Dushyant's father, Ajay, absent from the Jind rally, being at that time in jail in relation to an alleged scam, as also was Om Prakash Chautala. Despite now being in opposite political factions, and claiming that the JJP was standing for values which the INLD had abandoned, Dushyant nonetheless asked supporters at the rally to chant "Long Live OP Chautala".

Abhay Chautala who was leading the INLD in the absence of Om Prakash Chautala reacted to the news by saying that "Everybody is not capable of floating a political party and then continue with it". At least three INLD MLAs, including Dushyant's mother, Naina Singh Chautala were early members of the new JJP.

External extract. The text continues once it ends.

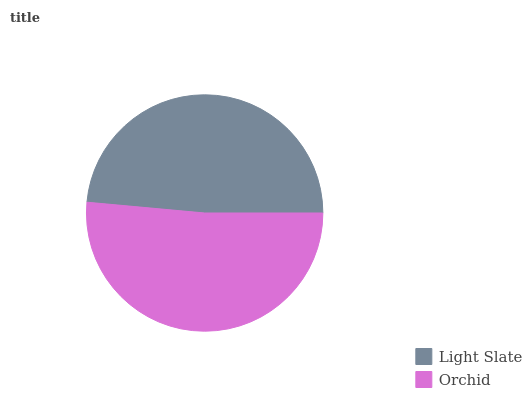
| Light Slate | Orchid |
 | --- | --- |
 | 48.6% | 51.4% |

JJP in their debut 2019 Haryana Legislative Assembly election won 10 seats and the party President Dushyant Chautala was appointed as the Deputy Chief Minister of Haryana on 25 October 2019

Symbolism 

The JJP has proposed a flag that is primarily green in colour, with a quarter in light yellow. Key is election symbol. JJP said the colours symbolise- Green was also adopted as a symbolic colour by Devi Lal, whose picture appears in the flag and Yellow symbolically represents 'Yuva Urja'.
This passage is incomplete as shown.